## Task statement:
If an entry below holds a picture, skip the picture and copy everything else exactly.

## The data:
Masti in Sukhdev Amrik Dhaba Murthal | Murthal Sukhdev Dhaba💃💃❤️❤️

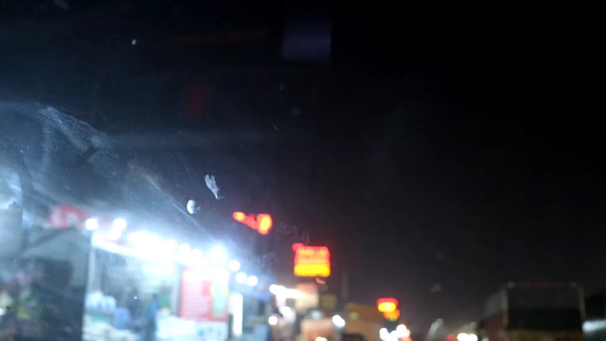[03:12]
और फिर ये अहूजा ढाबा आ जाता है हमारा, फिर ये झिलमिल ढाबा आ जाता है।
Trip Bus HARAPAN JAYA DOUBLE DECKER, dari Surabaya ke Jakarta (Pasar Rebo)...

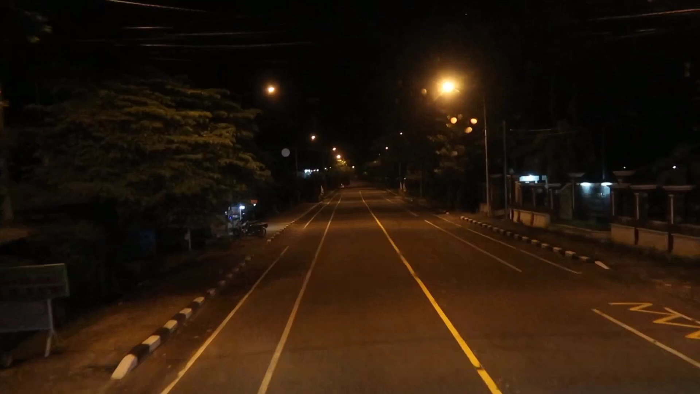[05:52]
ternyata setelah servis makan bus ini tidak masuk tol lagi melainkan lewat jalur biasa
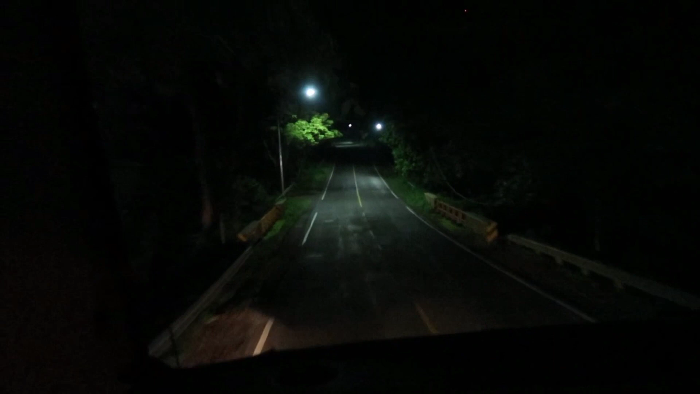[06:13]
sekarang melewati alas mantingan ngawi gelap dan sepi banget jalanannya ya karena mungkin beberapa kendaraan sudah banyak yang memilih lewat jalan tol

## Exercise result:
Masti in Sukhdev Amrik Dhaba Murthal | Murthal Sukhdev Dhaba💃💃❤️❤️

[03:12]
और फिर ये अहूजा ढाबा आ जाता है हमारा, फिर ये झिलमिल ढाबा आ जाता है।
Trip Bus HARAPAN JAYA DOUBLE DECKER, dari Surabaya ke Jakarta (Pasar Rebo)...

[05:52]
ternyata setelah servis makan bus ini tidak masuk tol lagi melainkan lewat jalur biasa
[06:13]
sekarang melewati alas mantingan ngawi gelap dan sepi banget jalanannya ya karena mungkin beberapa kendaraan sudah banyak yang memilih lewat jalan tol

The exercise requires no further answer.